The greatest common factor (GCF) is a vital concept when it comes to simplifying or factoring expressions. It refers to the largest number that evenly divides all the terms in an expression. In our exercise, we deal with the expression \(7x^2 + 35x + 42\). The first task is to find the GCF of the coefficients 7, 35, and 42.

To identify the GCF, we need to determine the prime factorization of each coefficient:

• 7 is a prime number, so its factors are only 1 and 7.
• 35 can be expressed as \(5 \times 7\).
• 42 breaks down to \(6 \times 7\), which is the same as \(2 \times 3 \times 7\).

The GCF is the highest common factor found in the factorizations of each term. Here, the number 7 appears in all three, making it the GCF. Factor it out from the expression, simplifying the process of further factorizations.

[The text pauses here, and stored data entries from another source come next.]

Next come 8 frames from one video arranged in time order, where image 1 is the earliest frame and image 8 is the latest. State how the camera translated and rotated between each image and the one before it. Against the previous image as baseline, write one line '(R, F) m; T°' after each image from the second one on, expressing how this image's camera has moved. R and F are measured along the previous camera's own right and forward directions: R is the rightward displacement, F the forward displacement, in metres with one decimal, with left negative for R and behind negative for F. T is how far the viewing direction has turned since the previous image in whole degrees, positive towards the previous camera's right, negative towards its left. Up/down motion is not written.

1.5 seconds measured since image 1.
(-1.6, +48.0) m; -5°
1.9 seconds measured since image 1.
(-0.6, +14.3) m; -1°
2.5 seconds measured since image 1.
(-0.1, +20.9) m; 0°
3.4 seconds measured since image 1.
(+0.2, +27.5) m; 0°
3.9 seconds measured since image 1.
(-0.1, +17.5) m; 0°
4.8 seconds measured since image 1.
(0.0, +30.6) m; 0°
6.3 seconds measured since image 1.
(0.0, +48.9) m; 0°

A quadratic expression is a polynomial expression of degree two, typically written in the form \(ax^2 + bx + c\). Our simplified expression after extracting the GCF is \(x^2 + 5x + 6\), which is a classic quadratic expression.

To factor this quadratic, you need to find two numbers that both:

• Multiply to give the constant term, which in this case is 6.
• Add up to provide the linear coefficient, which is 5 here.

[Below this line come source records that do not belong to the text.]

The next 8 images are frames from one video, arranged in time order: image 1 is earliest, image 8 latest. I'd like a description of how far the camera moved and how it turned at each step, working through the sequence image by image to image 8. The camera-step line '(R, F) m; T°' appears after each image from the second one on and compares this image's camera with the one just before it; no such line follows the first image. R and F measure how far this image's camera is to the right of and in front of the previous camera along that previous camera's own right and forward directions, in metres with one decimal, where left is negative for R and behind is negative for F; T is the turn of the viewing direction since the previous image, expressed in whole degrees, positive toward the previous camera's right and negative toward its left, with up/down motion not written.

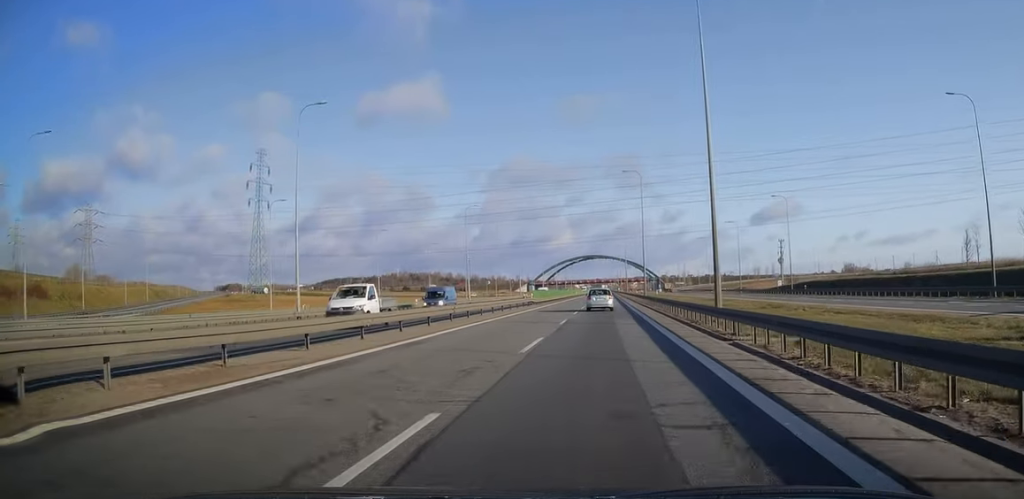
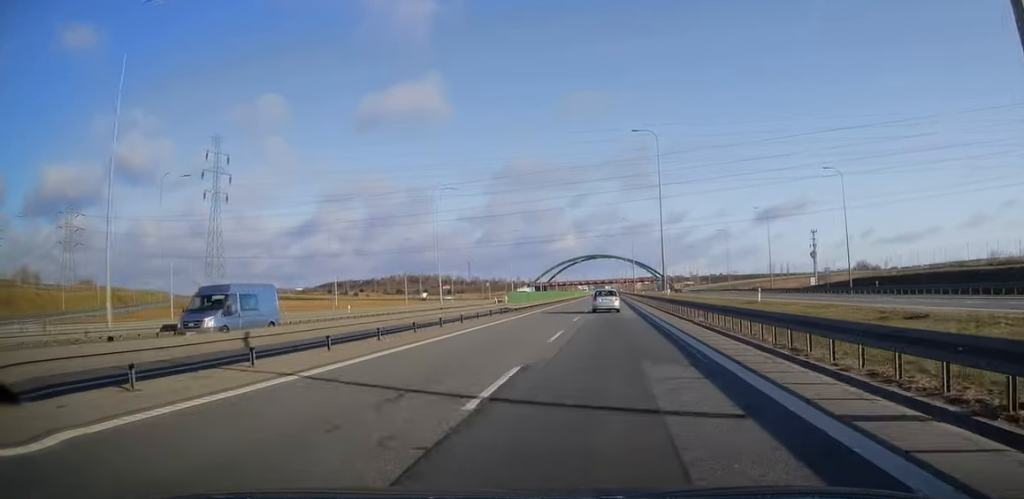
(-0.1, +19.4) m; 0°
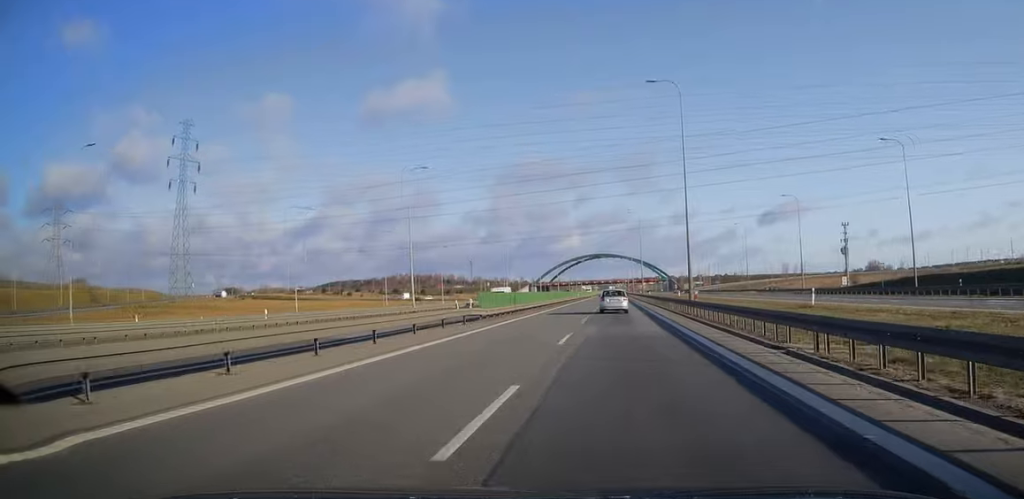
(0.0, +13.3) m; 0°
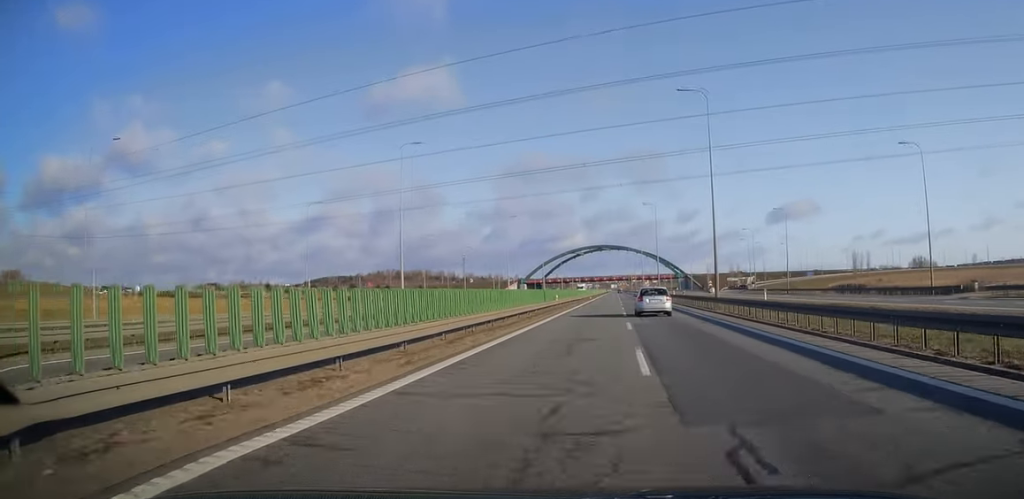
(-0.5, +66.0) m; -1°
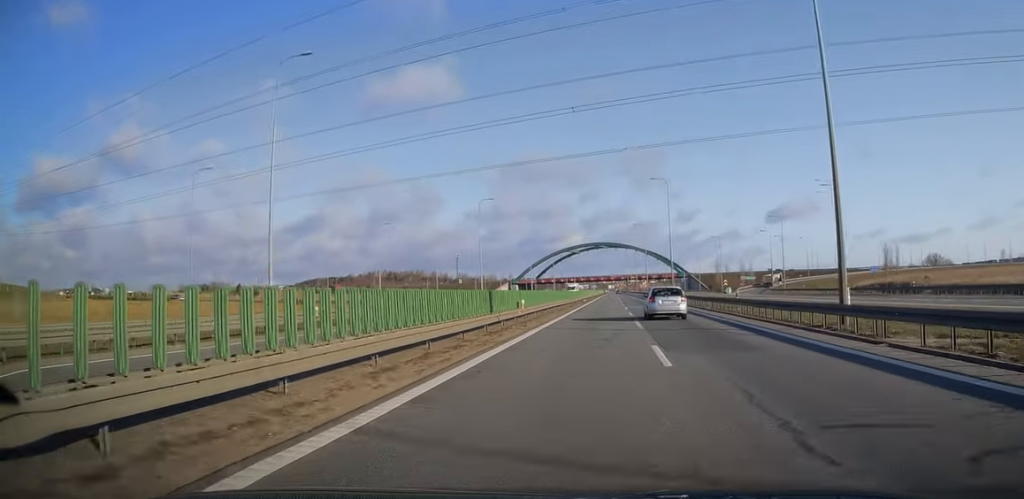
(0.0, +23.0) m; 0°
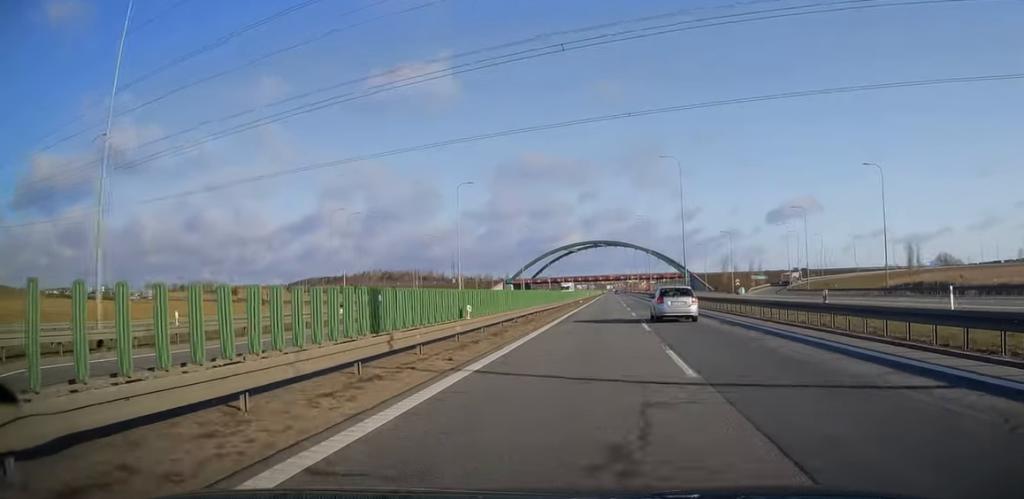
(0.0, +13.5) m; 0°
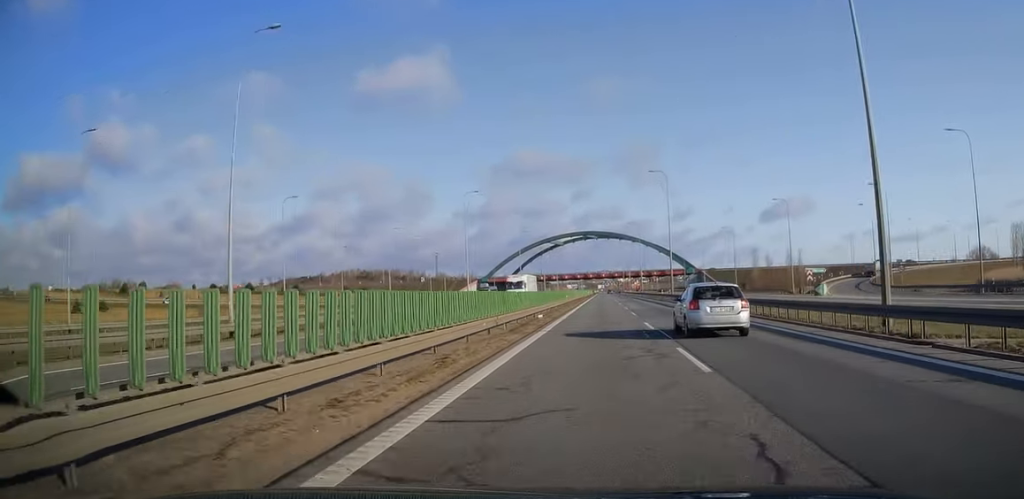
(+0.3, +47.6) m; +1°
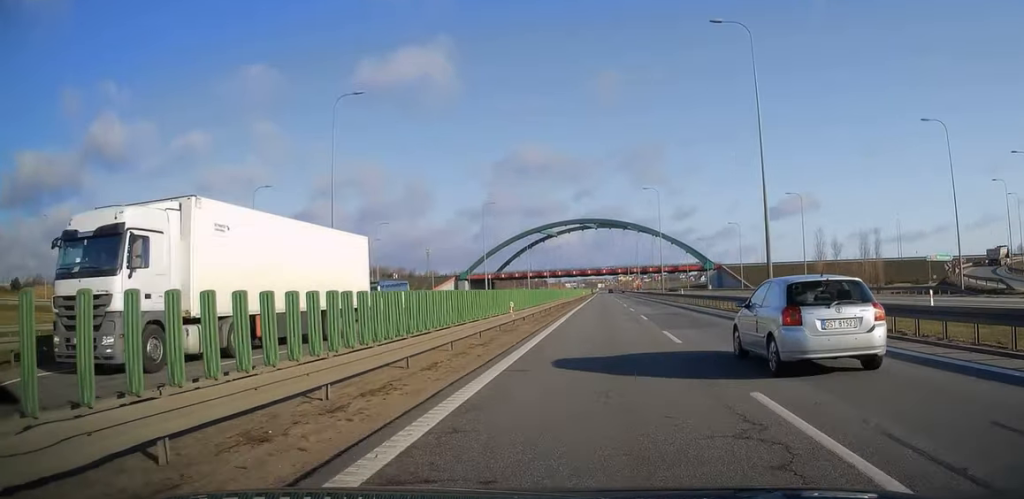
(+0.1, +42.8) m; 0°

For this expression, the numbers 2 and 3 fit perfectly, as \(2 \cdot 3 = 6\) and \(2 + 3 = 5\). This pair guides us in rewriting and factoring the quadratic expression. The clearer understanding of the behavior and structure of quadratic expressions allows us to break them into products of linear factors.

Factoring by grouping is a clever method used when an expression has four terms, as happens when decomposing a quadratic expression for factoring. The expression \(x^2 + 5x + 6\) is rewritten by splitting the middle term, using the numbers identified previously (2 and 3). This gives us \(x^2 + 2x + 3x + 6\).

We then group these terms into pairs:

• \(x^2 + 2x\)
• \(3x + 6\)

Now, factor out the GCF from each pair:

• From \(x^2 + 2x\), factor out \(x\) to get \(x(x + 2)\).
• From \(3x + 6\), factor out 3 to get \(3(x + 2)\).

Notice both terms contain the common factor \(x + 2\). We can factor this out and end up with the product \((x + 2)(x + 3)\). This technique is particularly useful and intuitive for handling complex expressions, making them simpler to deal with.